WORK ORDER:
The string "fill" appears in some lines of the entries that follow; copy each such line.

SOURCE INFORMATION:
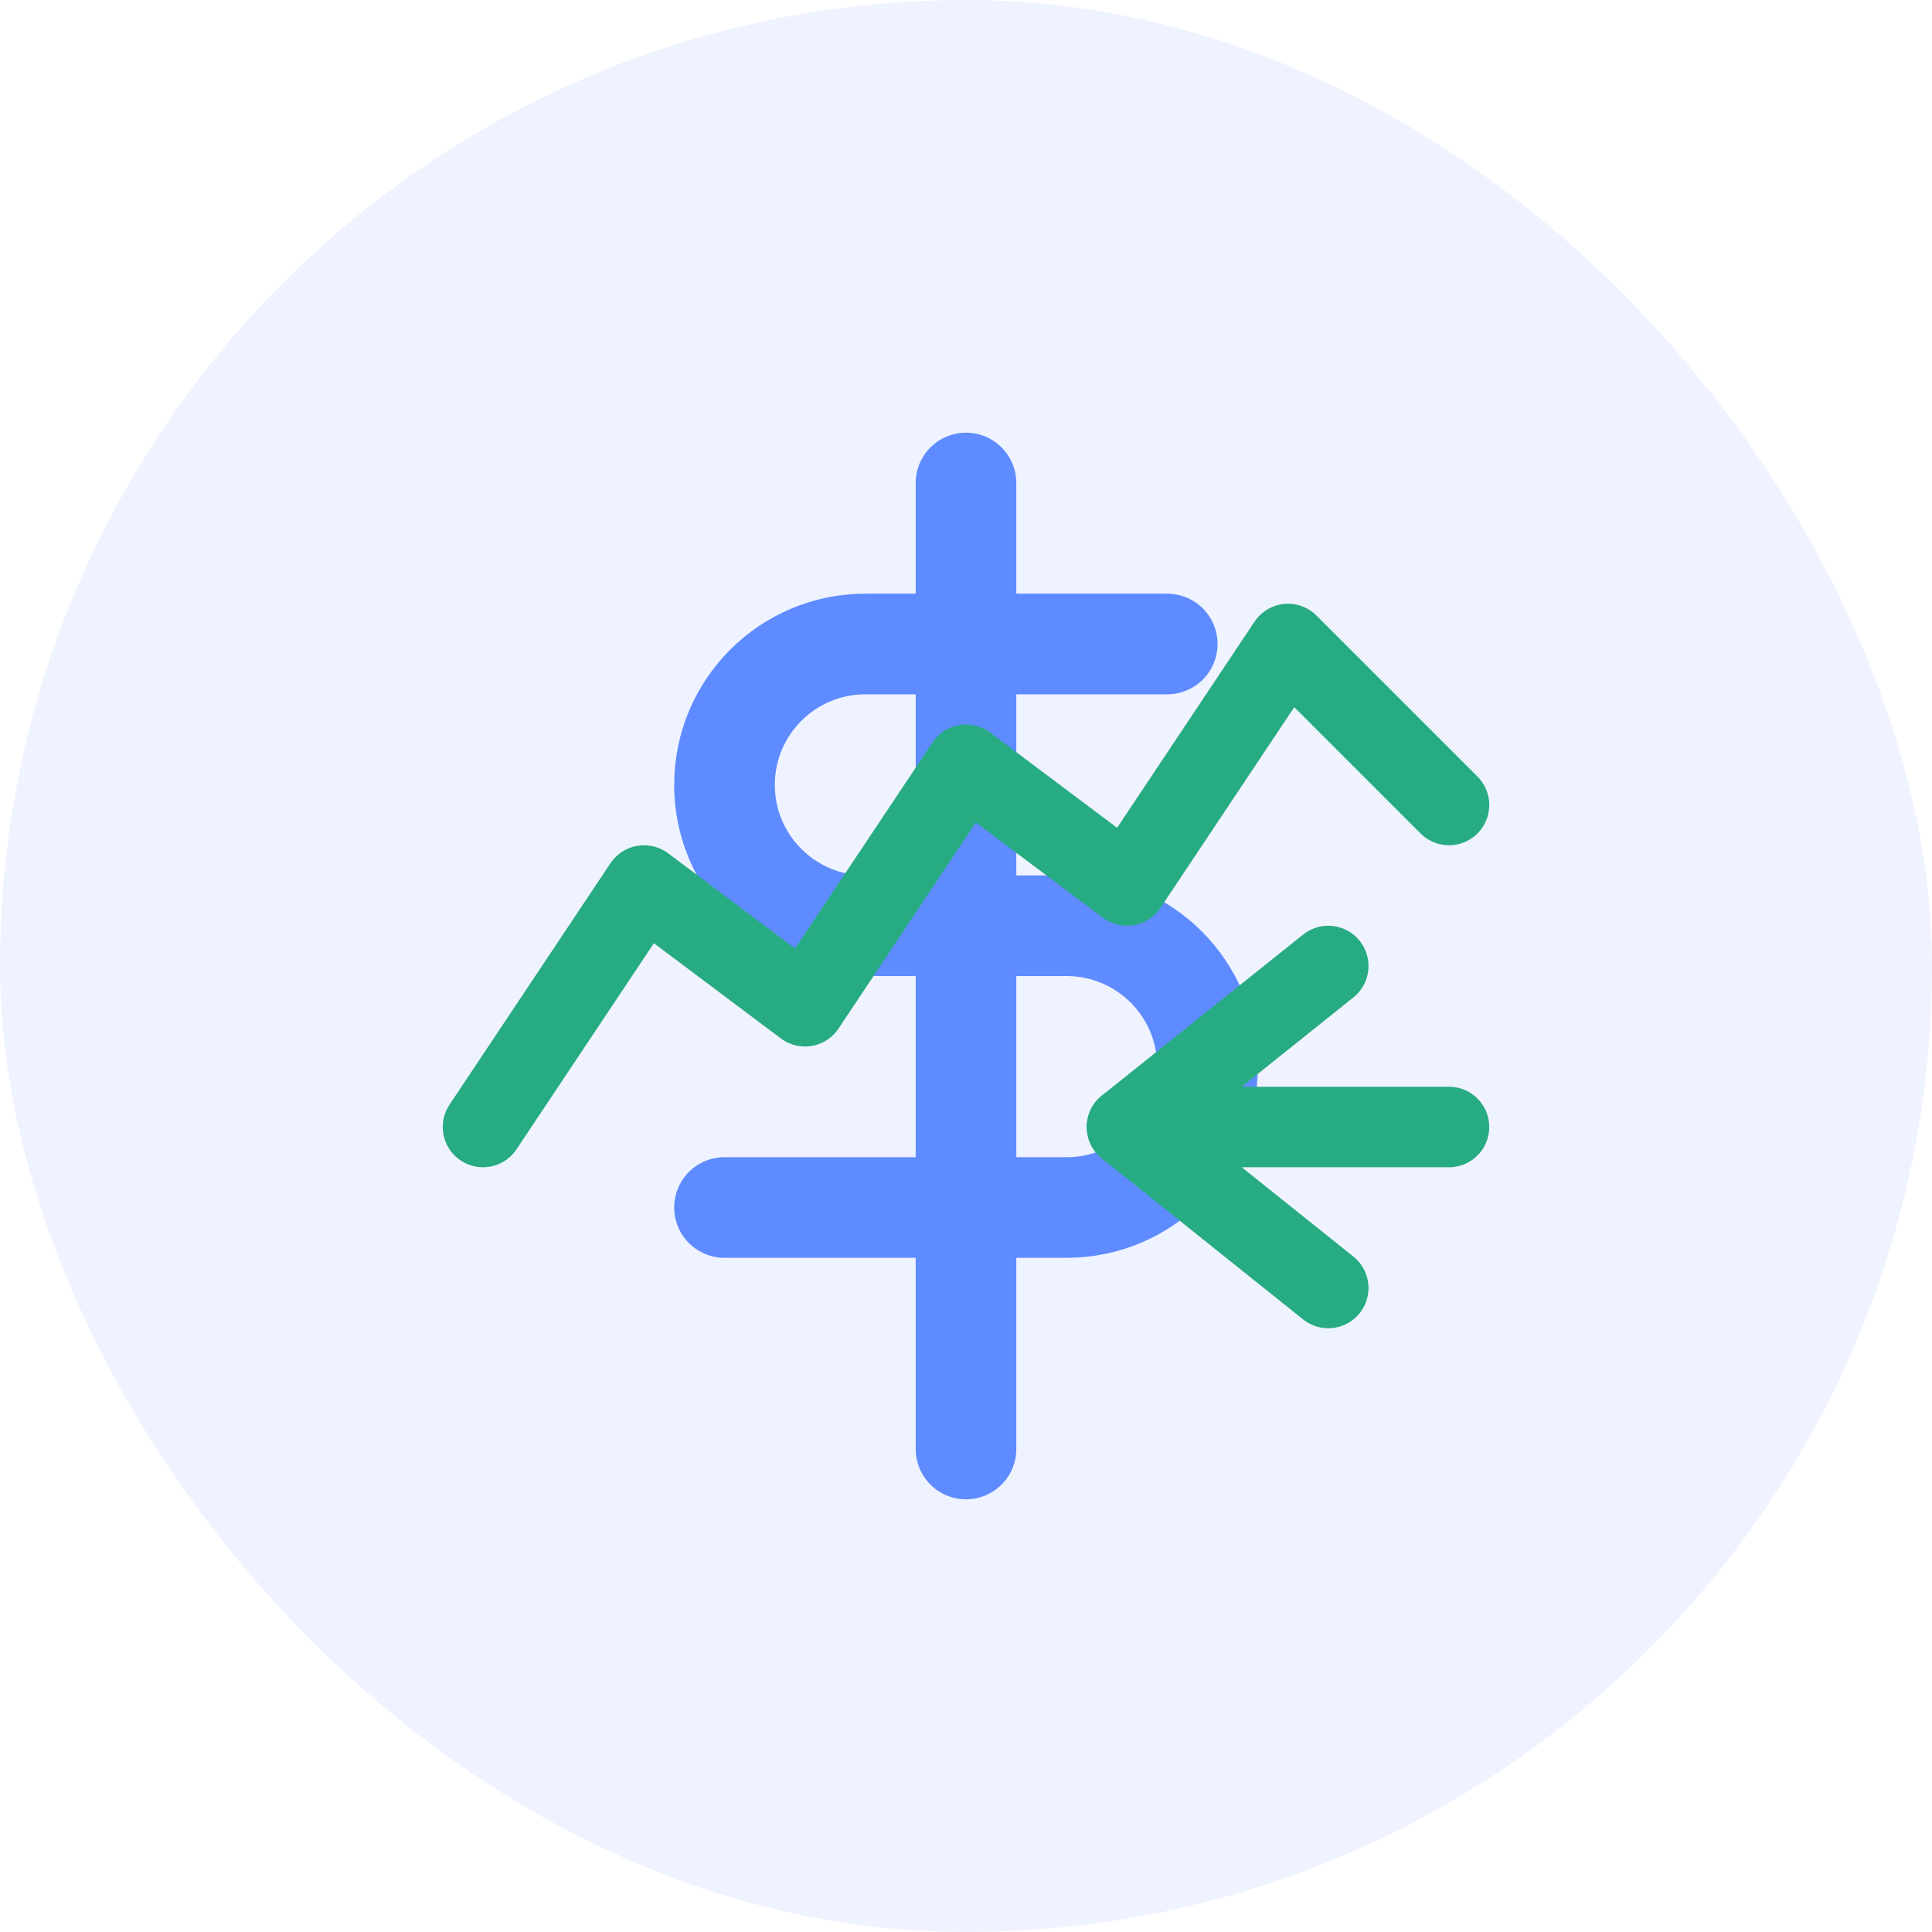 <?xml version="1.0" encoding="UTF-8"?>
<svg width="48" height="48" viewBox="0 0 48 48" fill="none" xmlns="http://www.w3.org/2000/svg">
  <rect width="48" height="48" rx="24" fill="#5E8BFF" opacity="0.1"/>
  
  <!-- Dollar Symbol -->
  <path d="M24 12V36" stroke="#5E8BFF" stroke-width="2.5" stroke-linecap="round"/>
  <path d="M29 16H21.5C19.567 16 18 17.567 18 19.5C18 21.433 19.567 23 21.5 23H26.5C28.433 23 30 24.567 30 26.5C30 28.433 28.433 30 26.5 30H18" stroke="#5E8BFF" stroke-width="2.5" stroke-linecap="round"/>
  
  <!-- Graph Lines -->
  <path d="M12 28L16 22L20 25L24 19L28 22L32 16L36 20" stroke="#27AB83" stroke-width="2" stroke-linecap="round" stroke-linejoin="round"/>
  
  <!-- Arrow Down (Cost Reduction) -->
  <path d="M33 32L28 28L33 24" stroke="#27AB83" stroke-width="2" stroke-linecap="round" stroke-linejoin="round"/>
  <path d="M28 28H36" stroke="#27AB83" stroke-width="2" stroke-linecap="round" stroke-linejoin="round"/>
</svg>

YOUR SOLUTION:
<svg width="48" height="48" viewBox="0 0 48 48" fill="none" xmlns="http://www.w3.org/2000/svg">
  <rect width="48" height="48" rx="24" fill="#5E8BFF" opacity="0.1"/>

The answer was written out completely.